Input material:
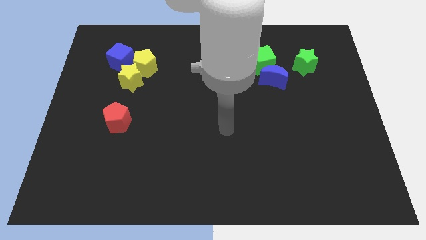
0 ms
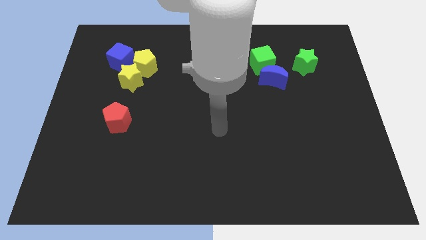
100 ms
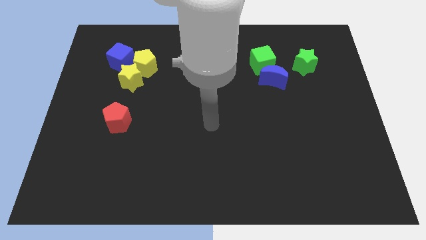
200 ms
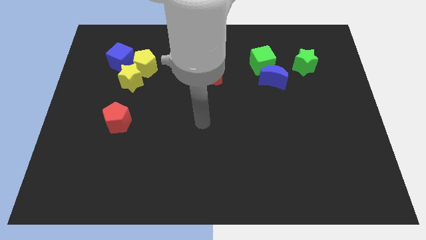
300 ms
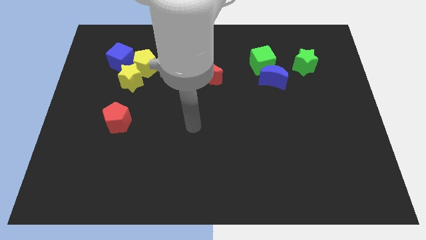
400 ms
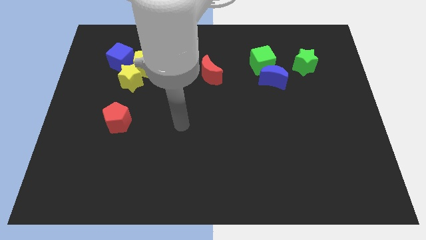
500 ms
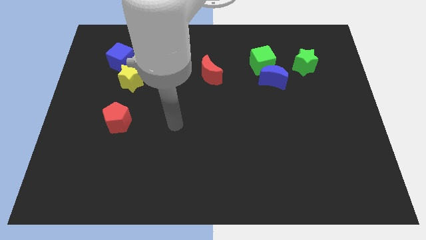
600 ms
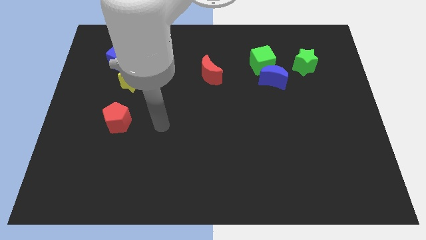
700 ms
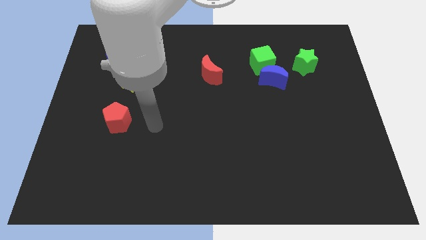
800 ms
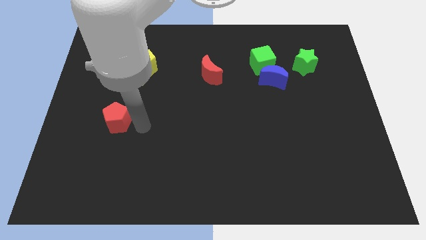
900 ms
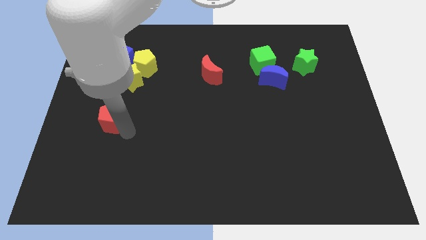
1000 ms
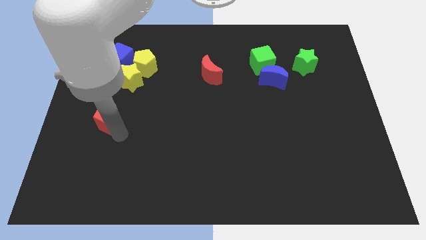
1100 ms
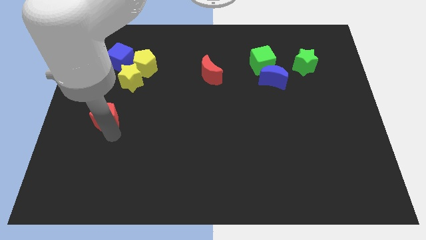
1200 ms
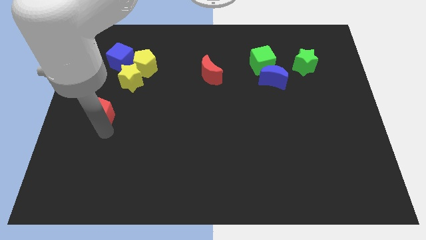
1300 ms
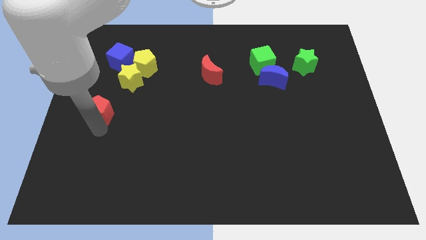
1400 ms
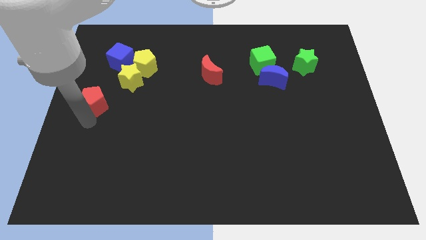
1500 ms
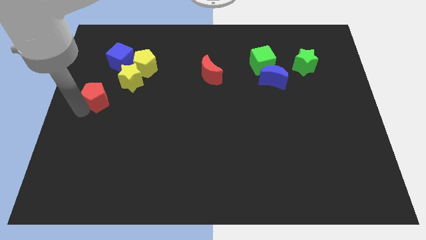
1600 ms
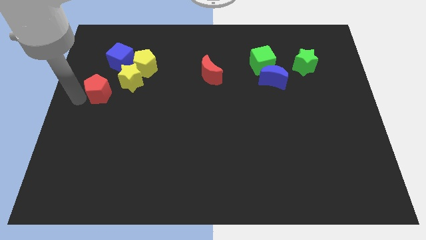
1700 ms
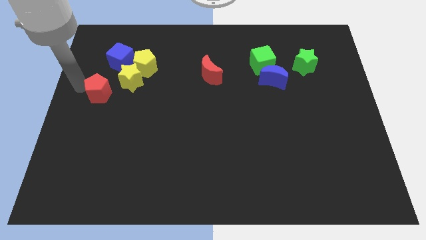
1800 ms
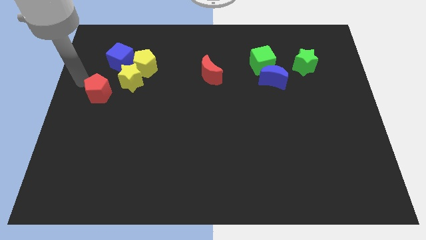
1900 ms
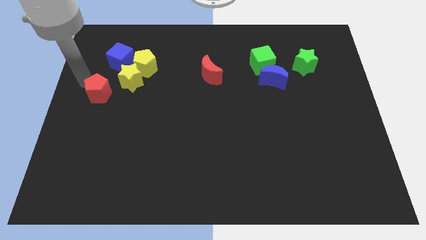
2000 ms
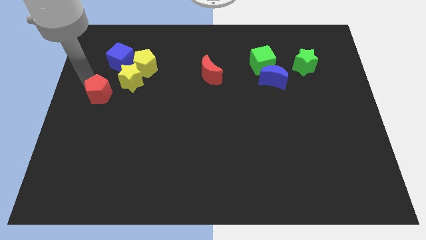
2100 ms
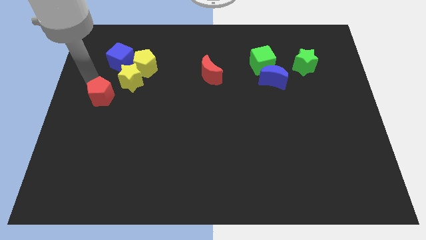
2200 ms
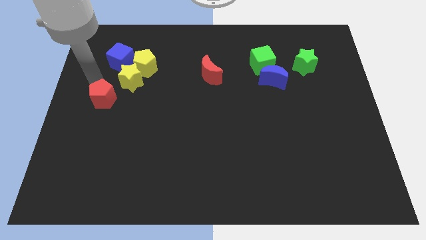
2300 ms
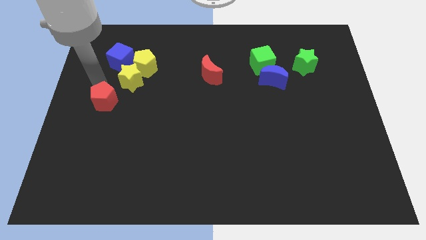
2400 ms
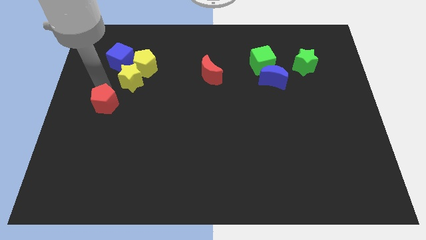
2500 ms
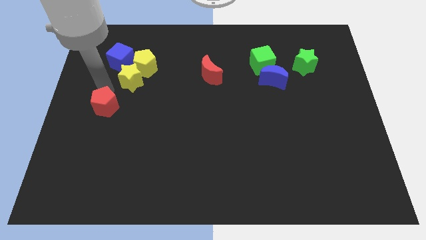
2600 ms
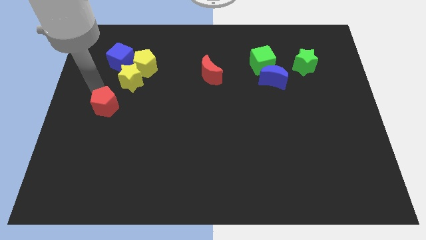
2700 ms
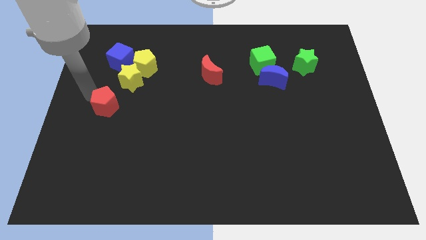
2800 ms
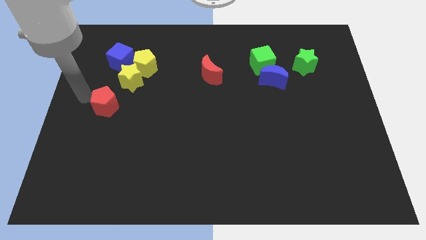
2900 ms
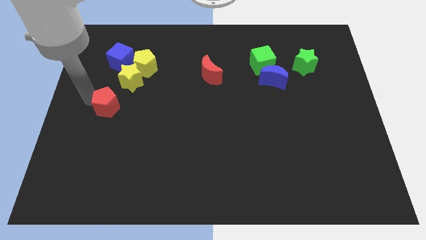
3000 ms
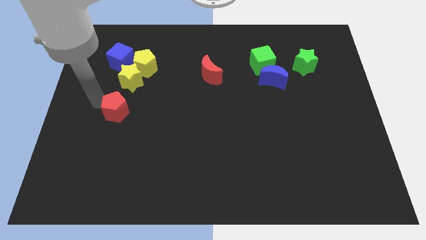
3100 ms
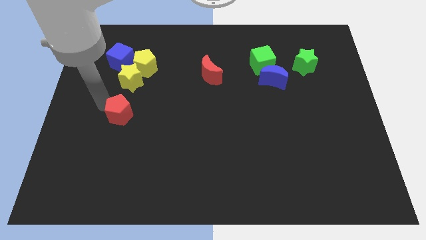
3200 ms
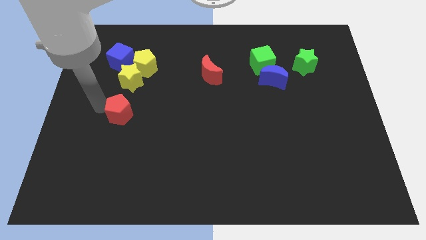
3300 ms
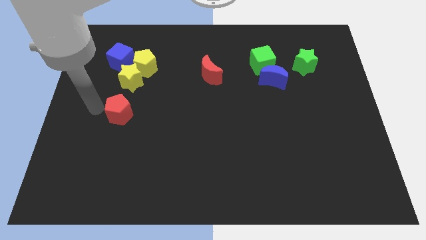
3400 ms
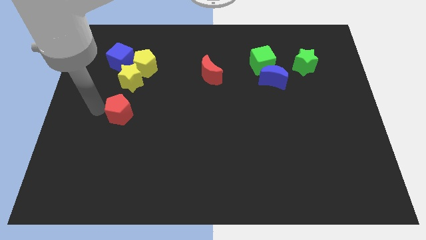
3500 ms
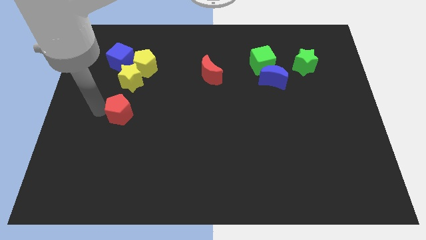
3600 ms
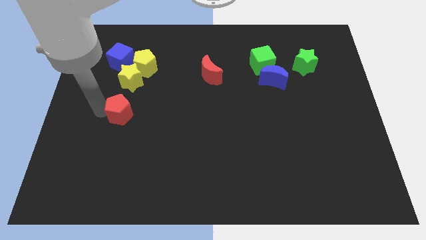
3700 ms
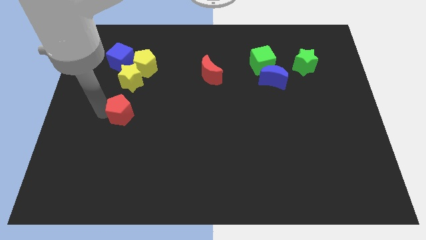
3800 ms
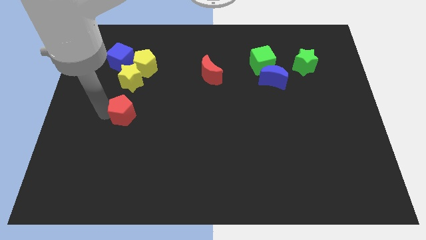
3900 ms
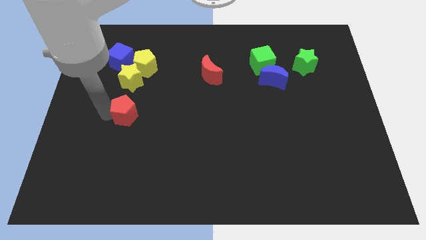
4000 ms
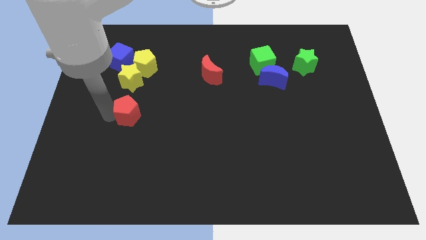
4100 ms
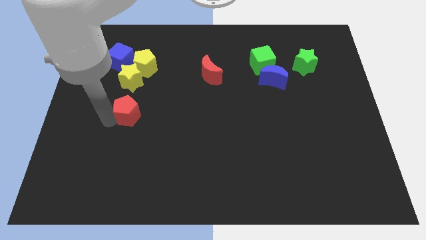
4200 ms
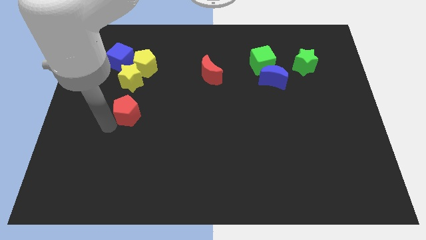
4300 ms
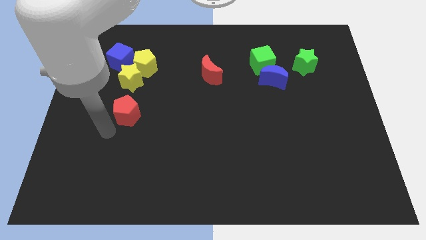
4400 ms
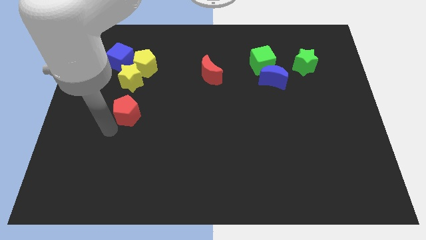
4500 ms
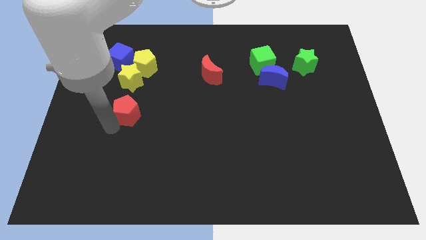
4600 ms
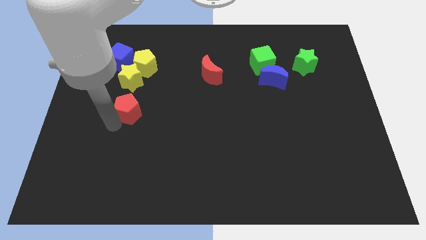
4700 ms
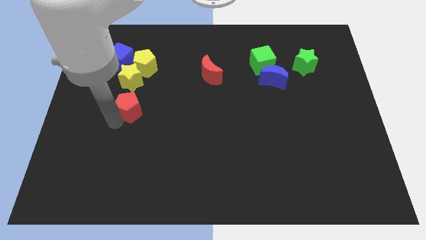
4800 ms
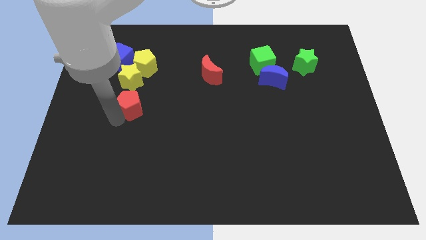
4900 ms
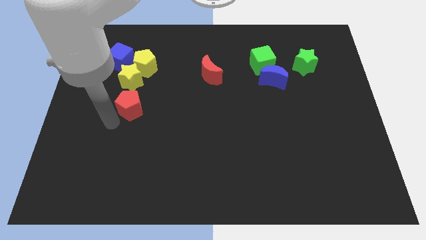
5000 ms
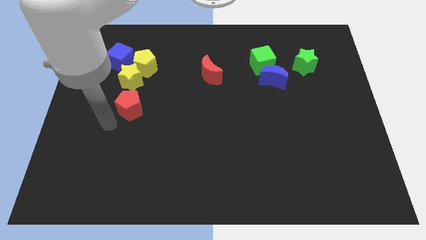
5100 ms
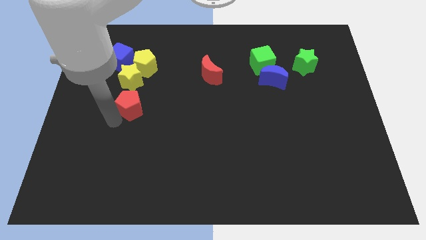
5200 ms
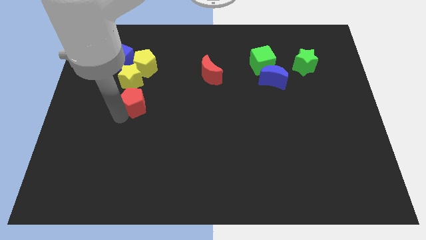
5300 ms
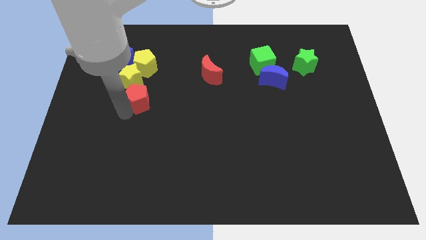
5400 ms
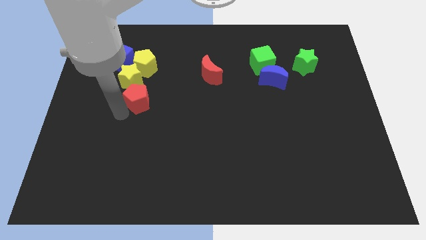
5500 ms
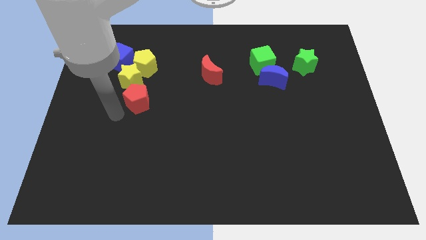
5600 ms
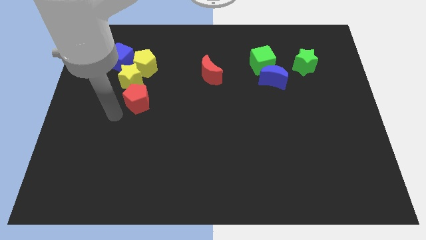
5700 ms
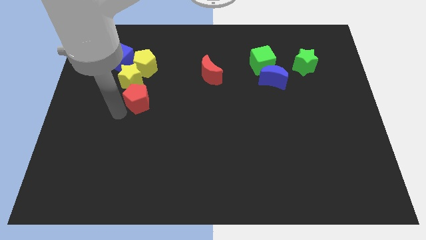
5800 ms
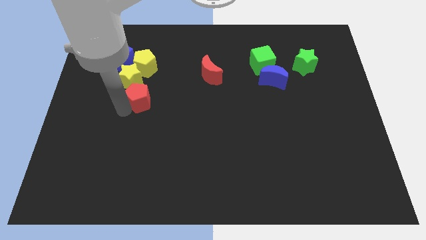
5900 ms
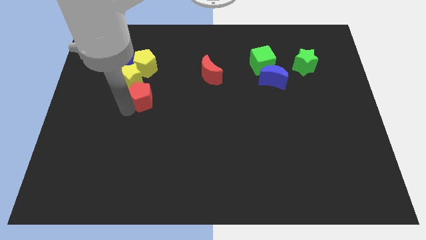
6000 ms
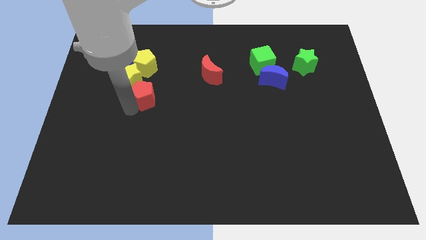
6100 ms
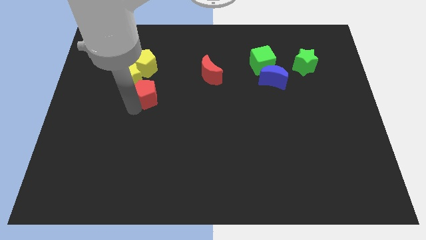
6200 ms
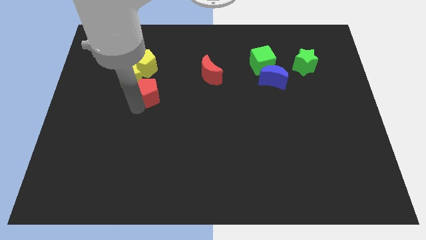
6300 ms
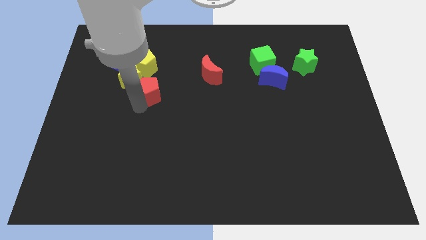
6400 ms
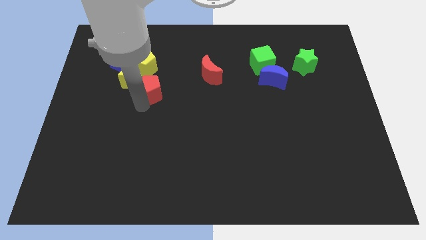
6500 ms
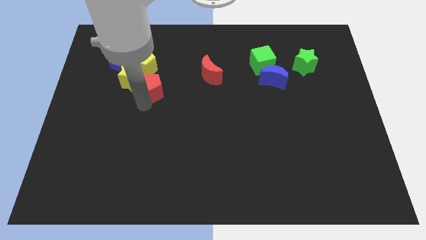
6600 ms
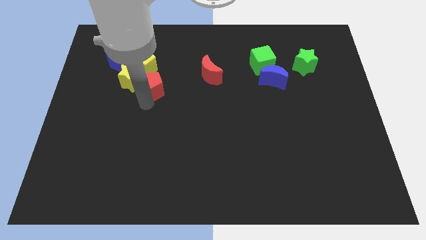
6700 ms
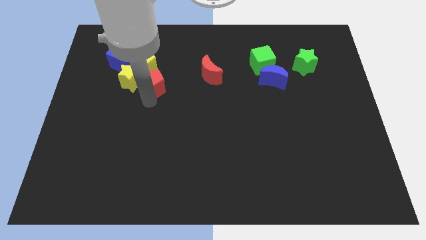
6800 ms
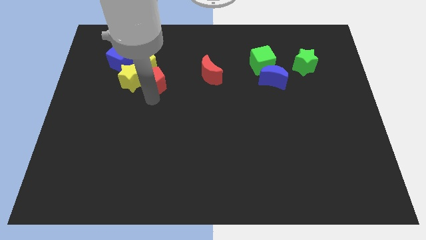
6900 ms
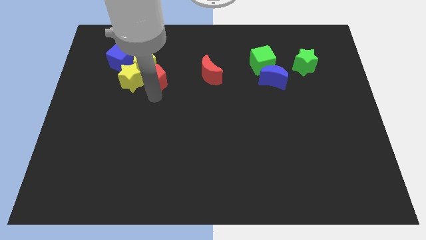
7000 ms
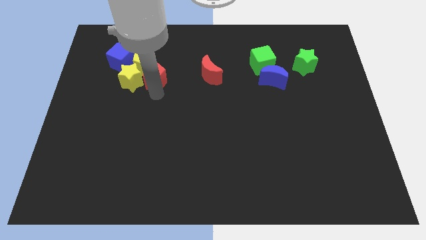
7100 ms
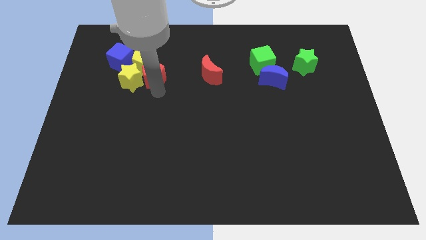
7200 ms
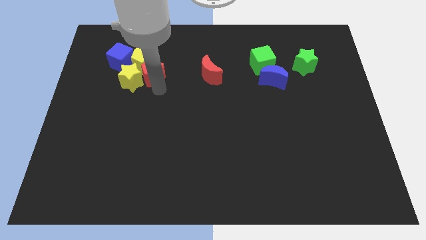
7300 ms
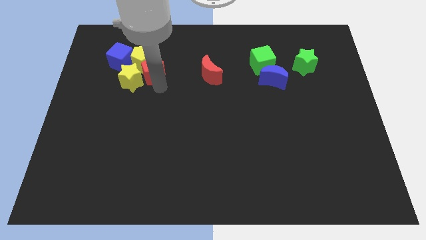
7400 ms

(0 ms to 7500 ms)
put the red pentagon right of the blue cube

Activity: Your answer should be an exact copy of the entries above, with no images included.

Exercise response:
0 ms
100 ms
200 ms
300 ms
400 ms
500 ms
600 ms
700 ms
800 ms
900 ms
1000 ms
1100 ms
1200 ms
1300 ms
1400 ms
1500 ms
1600 ms
1700 ms
1800 ms
1900 ms
2000 ms
2100 ms
2200 ms
2300 ms
2400 ms
2500 ms
2600 ms
2700 ms
2800 ms
2900 ms
3000 ms
3100 ms
3200 ms
3300 ms
3400 ms
3500 ms
3600 ms
3700 ms
3800 ms
3900 ms
4000 ms
4100 ms
4200 ms
4300 ms
4400 ms
4500 ms
4600 ms
4700 ms
4800 ms
4900 ms
5000 ms
5100 ms
5200 ms
5300 ms
5400 ms
5500 ms
5600 ms
5700 ms
5800 ms
5900 ms
6000 ms
6100 ms
6200 ms
6300 ms
6400 ms
6500 ms
6600 ms
6700 ms
6800 ms
6900 ms
7000 ms
7100 ms
7200 ms
7300 ms
7400 ms

(0 ms to 7500 ms)
put the red pentagon right of the blue cube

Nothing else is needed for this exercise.